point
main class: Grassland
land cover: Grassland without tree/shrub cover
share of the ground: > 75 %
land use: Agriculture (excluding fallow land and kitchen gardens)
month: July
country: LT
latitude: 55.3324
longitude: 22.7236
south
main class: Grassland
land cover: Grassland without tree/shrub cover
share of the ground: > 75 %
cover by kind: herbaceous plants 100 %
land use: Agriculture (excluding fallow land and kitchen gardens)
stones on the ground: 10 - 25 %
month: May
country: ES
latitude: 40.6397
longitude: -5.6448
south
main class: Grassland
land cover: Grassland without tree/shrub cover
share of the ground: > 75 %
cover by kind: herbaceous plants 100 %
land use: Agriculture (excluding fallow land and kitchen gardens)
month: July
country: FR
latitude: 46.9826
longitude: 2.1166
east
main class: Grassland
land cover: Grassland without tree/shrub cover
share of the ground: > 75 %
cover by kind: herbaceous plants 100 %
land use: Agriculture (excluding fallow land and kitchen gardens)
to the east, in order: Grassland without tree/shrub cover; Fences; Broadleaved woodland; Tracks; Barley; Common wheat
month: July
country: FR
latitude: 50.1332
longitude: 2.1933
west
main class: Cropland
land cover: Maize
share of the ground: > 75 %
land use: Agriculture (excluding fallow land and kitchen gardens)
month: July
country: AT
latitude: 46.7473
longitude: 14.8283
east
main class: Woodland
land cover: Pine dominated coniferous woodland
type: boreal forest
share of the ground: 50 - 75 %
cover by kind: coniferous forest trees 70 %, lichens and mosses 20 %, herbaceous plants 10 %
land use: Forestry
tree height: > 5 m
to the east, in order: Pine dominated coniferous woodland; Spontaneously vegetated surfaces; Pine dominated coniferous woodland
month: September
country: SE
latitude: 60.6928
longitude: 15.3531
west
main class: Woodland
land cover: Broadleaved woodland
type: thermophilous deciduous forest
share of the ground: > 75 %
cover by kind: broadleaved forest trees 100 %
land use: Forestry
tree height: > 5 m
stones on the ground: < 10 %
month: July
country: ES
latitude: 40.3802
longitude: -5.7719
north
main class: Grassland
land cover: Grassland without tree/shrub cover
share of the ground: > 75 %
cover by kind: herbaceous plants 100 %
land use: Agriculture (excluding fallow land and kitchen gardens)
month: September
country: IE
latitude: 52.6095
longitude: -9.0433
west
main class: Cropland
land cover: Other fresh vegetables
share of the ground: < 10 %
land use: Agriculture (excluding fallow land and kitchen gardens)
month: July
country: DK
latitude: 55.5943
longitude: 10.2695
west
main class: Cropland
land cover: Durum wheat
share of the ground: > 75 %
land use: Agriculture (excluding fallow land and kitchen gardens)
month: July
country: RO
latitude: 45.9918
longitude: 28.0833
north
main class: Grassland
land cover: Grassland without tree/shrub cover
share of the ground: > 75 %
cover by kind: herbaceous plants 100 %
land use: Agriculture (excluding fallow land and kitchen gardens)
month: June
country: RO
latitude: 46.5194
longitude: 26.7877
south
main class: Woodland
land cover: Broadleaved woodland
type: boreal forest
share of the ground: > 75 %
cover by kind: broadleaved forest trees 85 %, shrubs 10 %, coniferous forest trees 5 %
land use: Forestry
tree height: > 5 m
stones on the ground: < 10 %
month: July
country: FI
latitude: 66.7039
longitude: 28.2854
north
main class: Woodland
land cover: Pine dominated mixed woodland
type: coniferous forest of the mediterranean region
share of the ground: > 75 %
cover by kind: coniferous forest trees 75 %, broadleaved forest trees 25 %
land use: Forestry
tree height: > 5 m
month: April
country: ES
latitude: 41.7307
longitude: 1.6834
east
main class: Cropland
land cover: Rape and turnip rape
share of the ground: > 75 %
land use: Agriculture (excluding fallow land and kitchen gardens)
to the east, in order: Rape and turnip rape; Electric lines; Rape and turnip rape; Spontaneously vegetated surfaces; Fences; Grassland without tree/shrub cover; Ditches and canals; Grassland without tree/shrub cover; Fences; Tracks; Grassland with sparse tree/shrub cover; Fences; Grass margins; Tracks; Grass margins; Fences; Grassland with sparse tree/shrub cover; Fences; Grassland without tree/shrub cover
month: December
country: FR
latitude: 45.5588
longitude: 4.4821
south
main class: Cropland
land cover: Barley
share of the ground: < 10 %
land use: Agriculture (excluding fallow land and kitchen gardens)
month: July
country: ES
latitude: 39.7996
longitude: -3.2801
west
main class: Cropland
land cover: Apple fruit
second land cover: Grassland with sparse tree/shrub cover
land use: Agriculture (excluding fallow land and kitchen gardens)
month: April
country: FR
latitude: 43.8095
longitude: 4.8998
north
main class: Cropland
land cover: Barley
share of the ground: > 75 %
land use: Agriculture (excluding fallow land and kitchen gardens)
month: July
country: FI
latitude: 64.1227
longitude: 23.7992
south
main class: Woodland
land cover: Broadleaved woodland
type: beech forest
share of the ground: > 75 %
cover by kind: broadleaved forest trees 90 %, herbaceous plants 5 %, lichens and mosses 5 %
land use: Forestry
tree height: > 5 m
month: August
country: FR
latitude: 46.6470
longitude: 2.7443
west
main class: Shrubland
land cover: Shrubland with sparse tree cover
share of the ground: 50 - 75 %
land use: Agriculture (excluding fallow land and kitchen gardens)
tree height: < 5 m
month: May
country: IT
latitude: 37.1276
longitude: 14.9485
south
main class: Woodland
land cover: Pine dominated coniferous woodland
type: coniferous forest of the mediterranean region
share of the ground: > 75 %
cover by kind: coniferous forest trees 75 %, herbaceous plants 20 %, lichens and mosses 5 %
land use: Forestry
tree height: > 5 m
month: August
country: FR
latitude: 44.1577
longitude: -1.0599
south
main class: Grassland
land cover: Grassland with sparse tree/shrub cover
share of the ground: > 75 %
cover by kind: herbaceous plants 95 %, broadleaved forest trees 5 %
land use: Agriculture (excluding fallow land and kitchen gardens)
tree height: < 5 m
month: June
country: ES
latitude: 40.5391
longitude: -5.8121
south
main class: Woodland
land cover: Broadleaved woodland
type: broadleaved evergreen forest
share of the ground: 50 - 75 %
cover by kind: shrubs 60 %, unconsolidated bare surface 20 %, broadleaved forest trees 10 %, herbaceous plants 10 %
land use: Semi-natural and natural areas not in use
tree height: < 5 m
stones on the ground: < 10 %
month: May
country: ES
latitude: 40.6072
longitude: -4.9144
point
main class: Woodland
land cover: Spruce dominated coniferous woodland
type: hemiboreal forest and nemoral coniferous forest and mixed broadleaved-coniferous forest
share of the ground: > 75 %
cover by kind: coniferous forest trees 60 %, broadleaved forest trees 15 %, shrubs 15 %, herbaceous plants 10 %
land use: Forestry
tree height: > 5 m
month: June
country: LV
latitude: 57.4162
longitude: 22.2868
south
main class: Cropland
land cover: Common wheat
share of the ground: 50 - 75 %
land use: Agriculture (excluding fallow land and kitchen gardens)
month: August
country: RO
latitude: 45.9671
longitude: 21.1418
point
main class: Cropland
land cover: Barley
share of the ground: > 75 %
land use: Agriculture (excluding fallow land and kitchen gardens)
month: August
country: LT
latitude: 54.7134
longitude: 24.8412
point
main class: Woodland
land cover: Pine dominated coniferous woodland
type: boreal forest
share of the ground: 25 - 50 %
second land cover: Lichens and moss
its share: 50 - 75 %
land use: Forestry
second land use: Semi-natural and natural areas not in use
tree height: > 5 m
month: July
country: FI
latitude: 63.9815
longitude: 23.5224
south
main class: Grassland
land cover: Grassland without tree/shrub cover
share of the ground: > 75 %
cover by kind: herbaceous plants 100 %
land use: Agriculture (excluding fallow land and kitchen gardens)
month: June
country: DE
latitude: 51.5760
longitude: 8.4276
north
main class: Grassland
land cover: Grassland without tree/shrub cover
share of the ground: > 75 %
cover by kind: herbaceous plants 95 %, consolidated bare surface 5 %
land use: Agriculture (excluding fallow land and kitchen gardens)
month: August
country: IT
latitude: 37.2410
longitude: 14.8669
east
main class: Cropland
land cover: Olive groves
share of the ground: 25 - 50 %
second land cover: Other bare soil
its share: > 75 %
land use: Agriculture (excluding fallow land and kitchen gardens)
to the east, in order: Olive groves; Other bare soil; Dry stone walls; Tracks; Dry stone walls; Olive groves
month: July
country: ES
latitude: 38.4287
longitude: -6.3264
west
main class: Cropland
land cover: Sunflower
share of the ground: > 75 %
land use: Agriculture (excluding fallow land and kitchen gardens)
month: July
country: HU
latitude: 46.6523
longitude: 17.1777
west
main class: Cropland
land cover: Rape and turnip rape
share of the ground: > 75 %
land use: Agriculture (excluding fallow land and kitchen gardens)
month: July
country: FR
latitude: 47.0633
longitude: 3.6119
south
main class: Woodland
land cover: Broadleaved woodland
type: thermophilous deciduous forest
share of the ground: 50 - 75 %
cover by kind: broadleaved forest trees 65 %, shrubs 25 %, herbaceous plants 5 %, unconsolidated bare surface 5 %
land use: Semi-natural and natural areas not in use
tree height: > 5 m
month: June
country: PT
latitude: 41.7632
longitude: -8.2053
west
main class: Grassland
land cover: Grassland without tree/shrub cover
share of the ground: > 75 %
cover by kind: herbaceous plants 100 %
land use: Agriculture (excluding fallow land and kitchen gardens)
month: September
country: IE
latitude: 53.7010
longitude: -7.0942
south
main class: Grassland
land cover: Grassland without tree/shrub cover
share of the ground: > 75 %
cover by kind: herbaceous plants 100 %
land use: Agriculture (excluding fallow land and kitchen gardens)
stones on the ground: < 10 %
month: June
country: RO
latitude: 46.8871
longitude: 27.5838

--------------------

WHAT THE EXERCISE ASKS: Copy all lines from the listing that contain "wheat".

RESULT OF THE EXERCISE:
to the east, in order: Grassland without tree/shrub cover; Fences; Broadleaved woodland; Tracks; Barley; Common wheat
land cover: Durum wheat
land cover: Common wheat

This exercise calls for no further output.